Re: THEORY: Ergative syntax
From: | Matthew Pearson <matthew.pearson@...> |
Date: | Wednesday, December 5, 2001, 5:47 |
--- Jesse Bangs wrote:
This one's for all of the hardcore linguists out there. Recently while
working on Hiksilipsi, I came across a problem that, surprisingly,
requires a fair bit of syntactic theory for me to cause. My question is:
in an ergative language, which case does the verb assign to its internal
object and which to the external?
--- end of quote ---
Ask a hardcore question, get a hardcore answer: I don't think there's any
concensus within syntactic theory about how absolutive and ergative cases are
assigned.

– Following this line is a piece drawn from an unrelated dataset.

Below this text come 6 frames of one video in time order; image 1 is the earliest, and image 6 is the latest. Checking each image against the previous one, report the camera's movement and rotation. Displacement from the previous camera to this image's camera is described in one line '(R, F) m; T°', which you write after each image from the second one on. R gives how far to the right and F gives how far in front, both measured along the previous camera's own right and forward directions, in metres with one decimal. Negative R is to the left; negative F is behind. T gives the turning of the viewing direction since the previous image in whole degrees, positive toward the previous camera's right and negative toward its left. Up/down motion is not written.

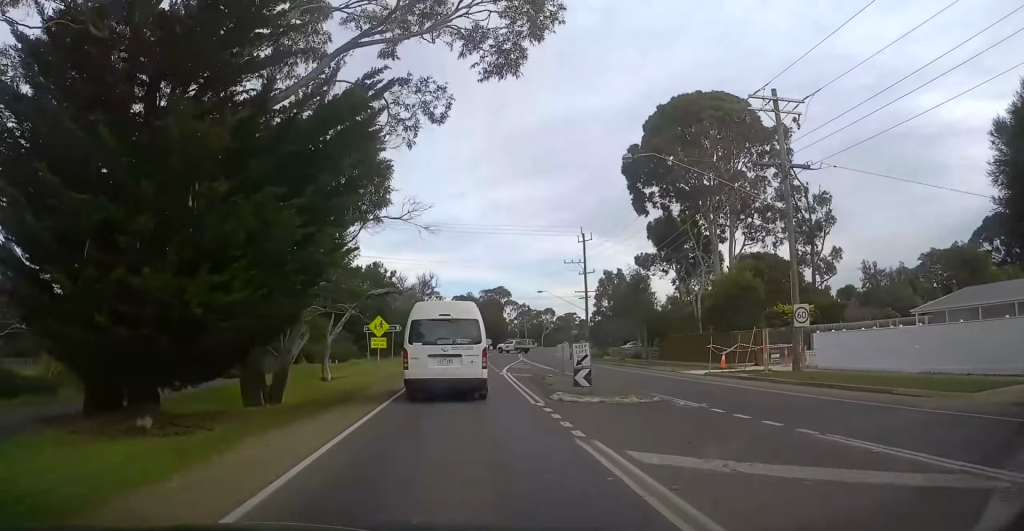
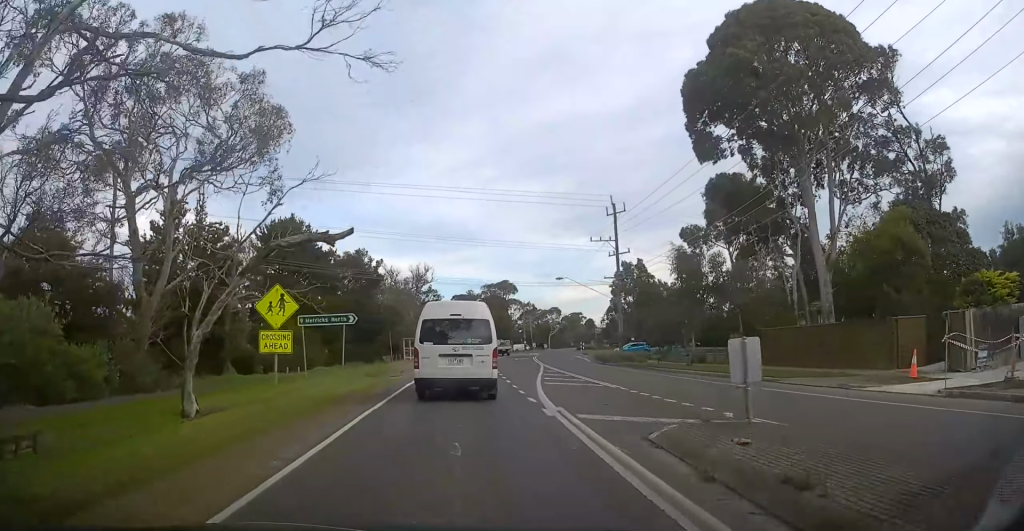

Some would say that absolutive case is assigned to the internal
argument position in a transitive construction and the external argument
position in an intransitive construction, others would say that it's assigned
to the external argument in both cases, and still others would say that it
depends on the language (some languages being 'structurally ergative' and
others just being 'morphologically ergative').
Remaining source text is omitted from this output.